[[ EXERCISE DATA, beginning ]]

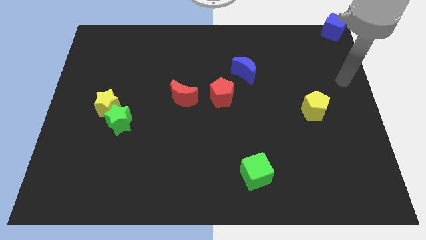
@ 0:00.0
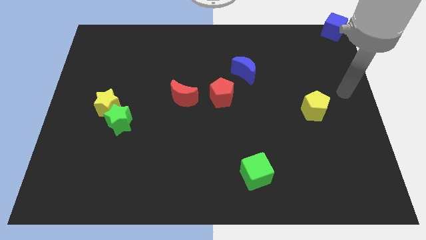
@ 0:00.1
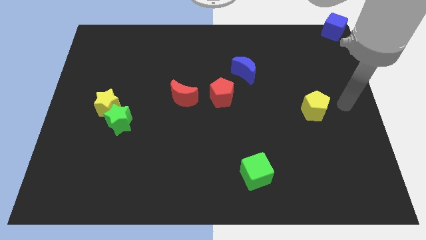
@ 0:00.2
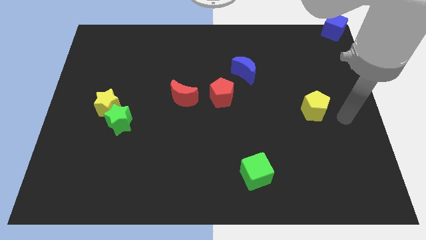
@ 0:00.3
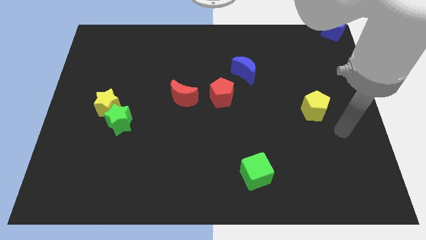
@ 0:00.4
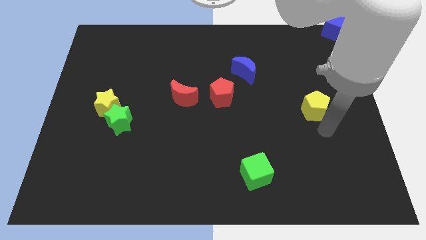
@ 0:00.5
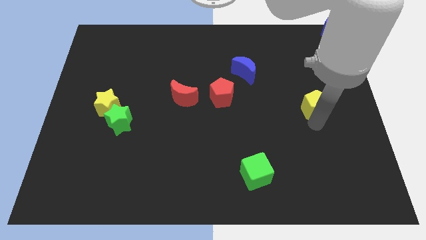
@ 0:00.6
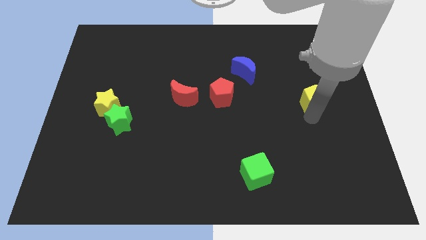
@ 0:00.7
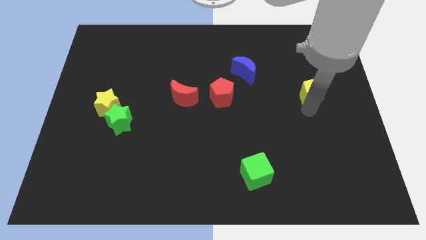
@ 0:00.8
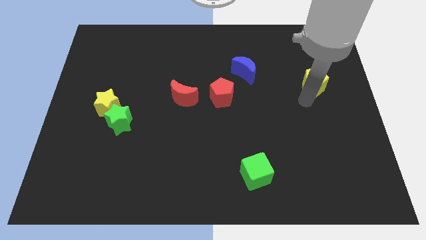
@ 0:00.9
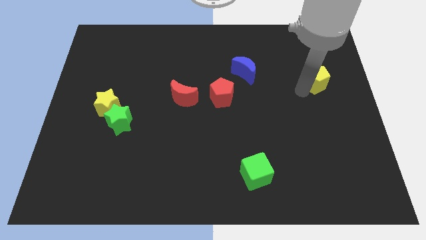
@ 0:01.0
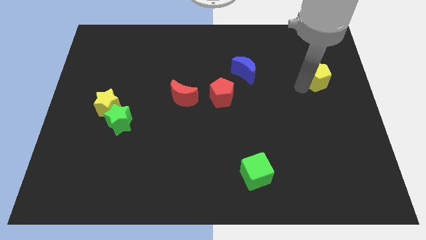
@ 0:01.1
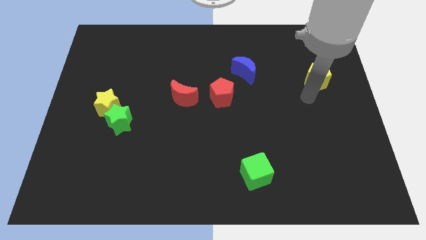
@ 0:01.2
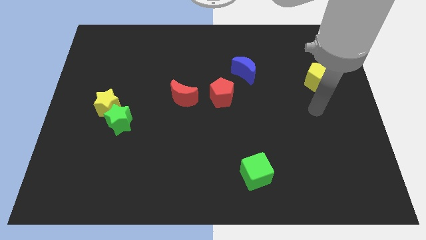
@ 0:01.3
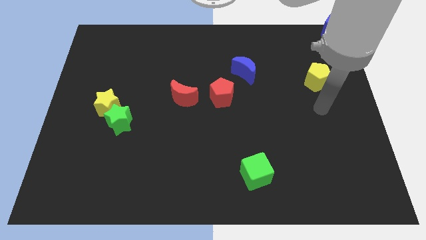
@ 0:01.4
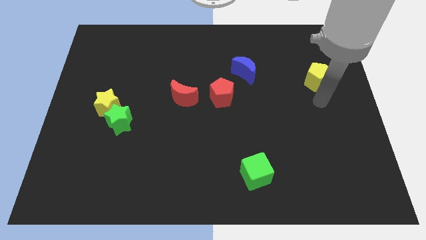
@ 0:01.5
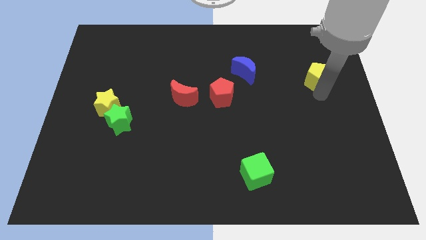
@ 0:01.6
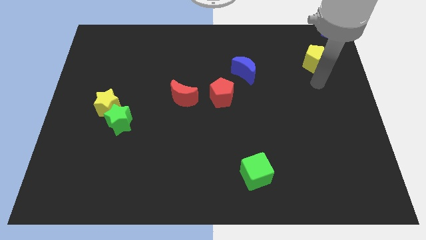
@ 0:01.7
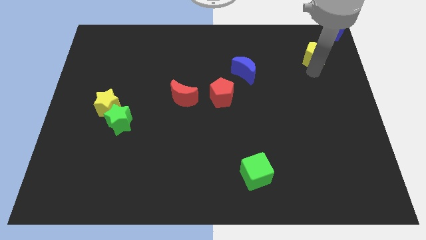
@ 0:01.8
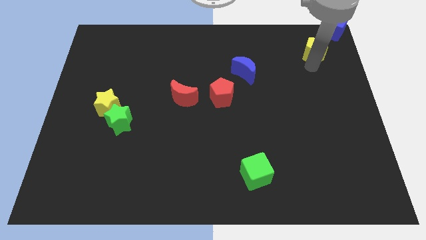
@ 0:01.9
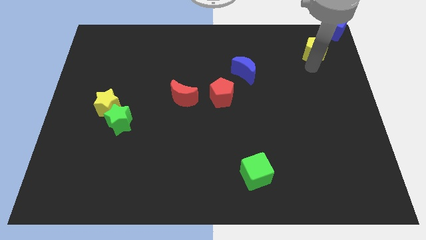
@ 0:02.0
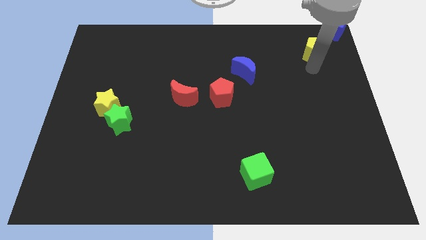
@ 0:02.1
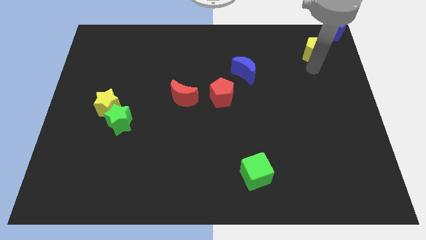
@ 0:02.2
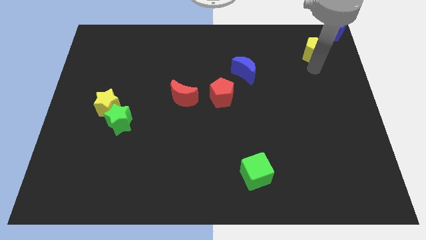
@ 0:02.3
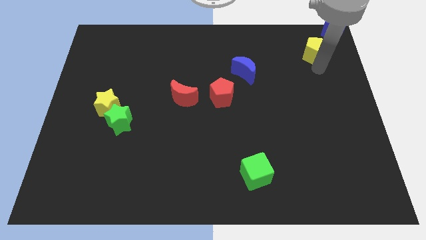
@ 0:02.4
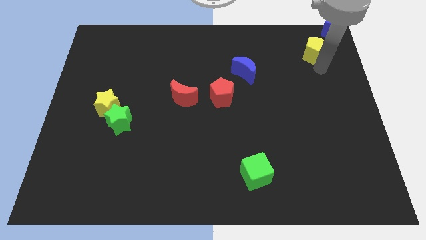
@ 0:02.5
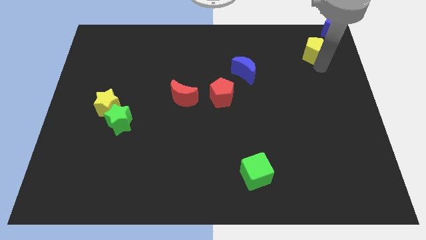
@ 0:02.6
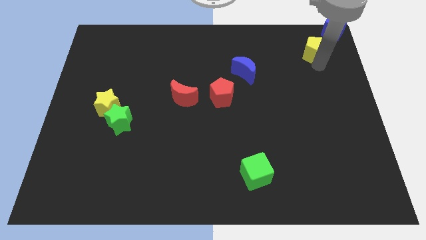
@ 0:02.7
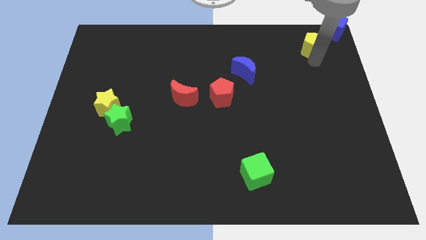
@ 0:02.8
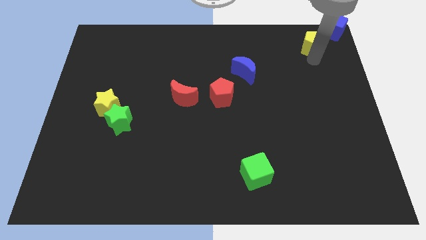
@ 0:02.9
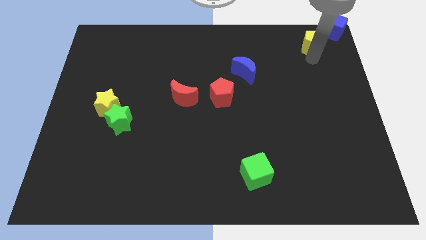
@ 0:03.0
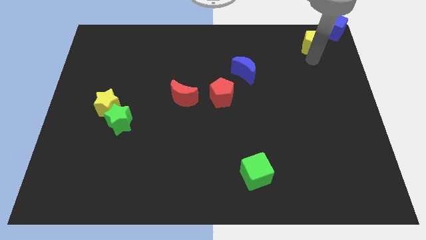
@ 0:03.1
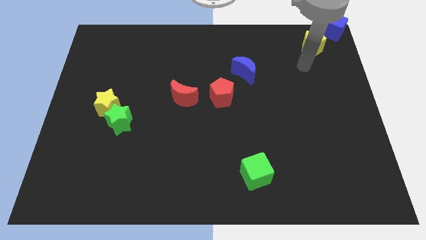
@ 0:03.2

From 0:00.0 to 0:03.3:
place the yellow pentagon below the blue block

[[ EXERCISE DATA, end ]]

→ **PROBLEM TO SOLVE**
Copy out the records exactly. Do not include the pictures.

→ **RESPONSE**
@ 0:00.0
@ 0:00.1
@ 0:00.2
@ 0:00.3
@ 0:00.4
@ 0:00.5
@ 0:00.6
@ 0:00.7
@ 0:00.8
@ 0:00.9
@ 0:01.0
@ 0:01.1
@ 0:01.2
@ 0:01.3
@ 0:01.4
@ 0:01.5
@ 0:01.6
@ 0:01.7
@ 0:01.8
@ 0:01.9
@ 0:02.0
@ 0:02.1
@ 0:02.2
@ 0:02.3
@ 0:02.4
@ 0:02.5
@ 0:02.6
@ 0:02.7
@ 0:02.8
@ 0:02.9
@ 0:03.0
@ 0:03.1
@ 0:03.2

From 0:00.0 to 0:03.3:
place the yellow pentagon below the blue block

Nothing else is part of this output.